Here I use subscript $k$ as the indices for the rows to be left out from the training set, $(k)$ as the whole vector or matrix without the rows from $k$, and $[k]$ for submatrix containing only rows and columns from $k$. For convenience, the following matrices are defined $$ \begin{aligned} A &= X^TX \\ A_{(k)} &= X_{(k)}^TX_{(k)} \\ A_k &= X_k^TX_k \\ H &= XA^{-1}X^T \\ H_{[k]} &= X_kA^{-1}X_k^T \end{aligned} $$ $H$ is the so-called hat matrix, while $H_{[k]}$ is a submatrix of $H$. The original residual and the individual leave-$k$ out errors are described by $$ \begin{align} e_k&=z_k-X_k\hat\beta \\ e_{(k)}&=z_k-X_k\hat\beta_{(k)}\tag{1}\label{ek} \end{align} $$ where $$ \hat\beta_{(k)}=A_{(k)}^{-1}X_{(k)}^Tz_{(k)}\tag{2}\label{beta1} $$ We have the following identities $$ \begin{align} A_{(k)}=A-A_k \\ X_{(k)}^Tz_{(k)}=X^Tz-X_k^Tz_k \tag{3}\label{Xzk} \end{align} $$ From Woodbury identity we have the following $$ \begin{aligned} A_{(k)}^{-1}&=A^{-1}+A^{-1}X_k^T(I-X_k^TA^{-1}X_k)^{-1}X_kA^{-1}\\ &=A^{-1}+A^{-1}X_k^T(I-H_{[k]})^{-1}X_kA^{-1} \end{aligned} $$ Left multiplying $X_k$ gives us $$ \begin{aligned} X_kA_{(k)}^{-1}&=X_kA^{-1}+H_{[k]}(I-H_{[k]})^{-1}X_kA^{-1} \\ &=(I-H_{[k]})(I-H_{[k]})^{-1}X_kA^{-1}+H_{[k]}(I-H_{[k]})^{-1}X_kA^{-1} \\ &=(I-H_{[k]})^{-1}X_kA^{-1} \end{aligned} $$

Substituting $\eqref{Xzk}$ into $\eqref{beta1}$, we have from the above equation $$ \begin{aligned} X_k\hat\beta_{(k)}&=(I-H_{[k]})^{-1}X_kA^{-1}(X^Tz-X_k^Tz_k) \\ &= (I-H_{[k]})^{-1}(X_k\hat\beta - H_{[k]}z_k) \\ &= (I-H_{[k]})^{-1}(X_k\hat\beta - H_{[k]}z_k) \end{aligned} $$ This is finally inserted into the leave out formula $\eqref{ek}$ to get $$ \begin{aligned} e_{(k)} &= z_k-(I-H_{[k]})^{-1}(X_k\hat\beta - H_{[k]}z_k) \\ &= (I-H_{[k]})^{-1}\left[(I-H_{[k]})z_k-X_k\hat\beta+H_{[k]}z_k\right]\\ &= (I-H_{[k]})^{-1}(z_k-X_k\hat\beta) \\ &= (I-H_{[k]})^{-1}e_k \end{aligned} $$

which can be calculated by solving the following matrix equation to avoid the costly matrix inversion

$$ (I-H_{[k]})e_{(k)} = e_k $$ Unlike the LOOCV formula which had only scalars, solving the above may not be as cheap, depending on the size of $k$.
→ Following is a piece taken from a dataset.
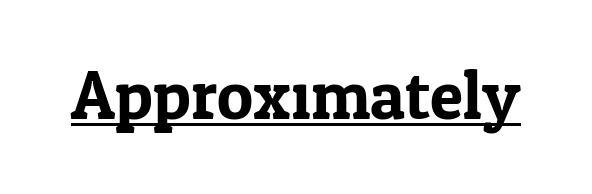
Do the characters align in a grid? No, the font is proportional. A typesetter would label this face a serif. This rendering leaves character spacing at its baseline value. Somebody hit Ctrl+U on this one — the words are underlined. These lines were composed using upright roman letters.
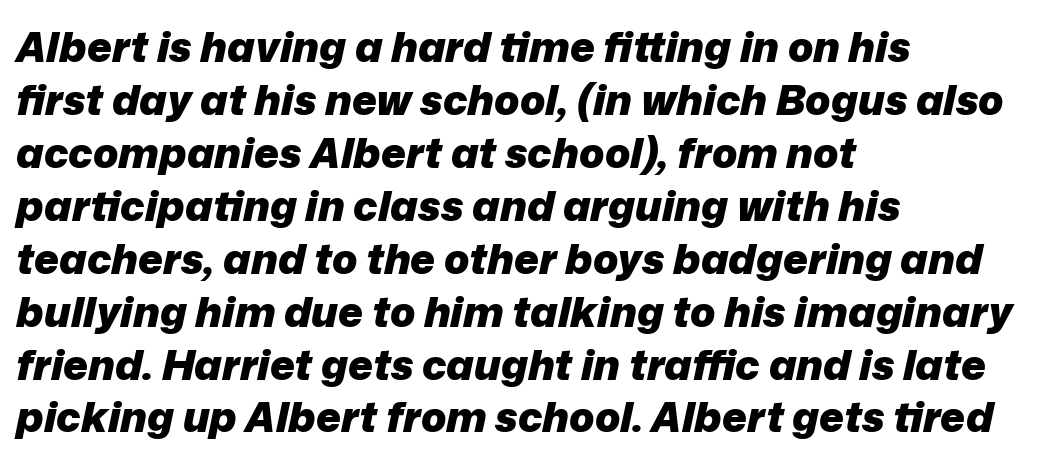
The letters sit at their default tracking, neither squeezed nor spread. Descenders hang freely into open space. This is heavy type, rendered in bold. A typesetter would call this leading conventional body-copy spacing. The lines are quadded left. Slant detected: the letters are inclined.

Extra note regarding $H_{[k]}$: $H$ can be very big. If you have $n$ points, the size is $n\times n$. Fortunately, you don't need the whole matrix to calculate the submatrix. If $\hat\beta$ is written as follows $$ \begin{aligned} \hat\beta &= Mz \\ M &= A^{-1}X^T \\ \end{aligned} $$ Then $M$ is typically determined by solving the following system $$ AM = X^T $$ The size of $B$ is $n\times m$, where $m$ is the number of bases. From here you can compute $$ H_{[k]} = X_{k}M_k $$ where $M_k$ are the columns from $M$ with the indices in $k$.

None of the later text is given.